When my mother had a serious stroke about a year before she died, she began to speak in what is sometimes referred to as “word salad”; intelligible words thrown together and all mixed up in strange and unusual combinations—“just gibberish”, I was told. I flew back to North Carolina to visit her, notebook and pen in hand, writing down every phrase I could hear. One of the first I recorded was, “We must fall so we can build a more handsome land.” At the time I was studying with African teacher and shaman Malidoma Somé. In our ritual training, he showed us the importance of falling to the ground in our grief and longing to call on the help of the ancestors. This song came pouring out of such a cry for help; such a longing to live in a new way together in our human family. This song requires quite a bit of practice to learn all the parts, so isn’t really suitable for a quickly learned sing-along situation. However, if you have a choir and teach them all the parts, when you perform the song, you can ask the audience to join in on the last repetition of the “We must fall..” chorus. They will have heard it enough to follow along, and will enjoy singing with you at the end.

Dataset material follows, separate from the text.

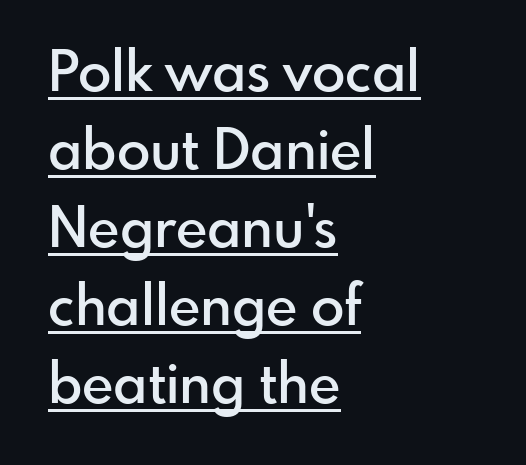
The image shows 55 px semibold sans-serif type, upright; set left-aligned, normal line spacing (1.42x), normal letter spacing, underlined; low stroke contrast and a small x-height.

We must fall, we must fall, we must get down on our knees!
We must call, we must call, on our Ancestors, please
Oh hear our cries, hear our cries,
We need the tough of your helping hand
So we can rise, we can rise
And build a more handsome land!
Well, it’s a land where every hand is never raised to harm another,
And it’s a land of hand to hand between every sister and every brother.
It’s a land where every hand is praised not for what it takes but what it can give,
And it’s a land where every hand reaches out a sacred welcome to the differences that really let us live!
Don’t you know that..
It’s a land where every hand holds for every living thing a place.
It’s a land where every boy, girl, woman and man can see the holiness in every face!
(again repeat chorus)
So we must fall….etc.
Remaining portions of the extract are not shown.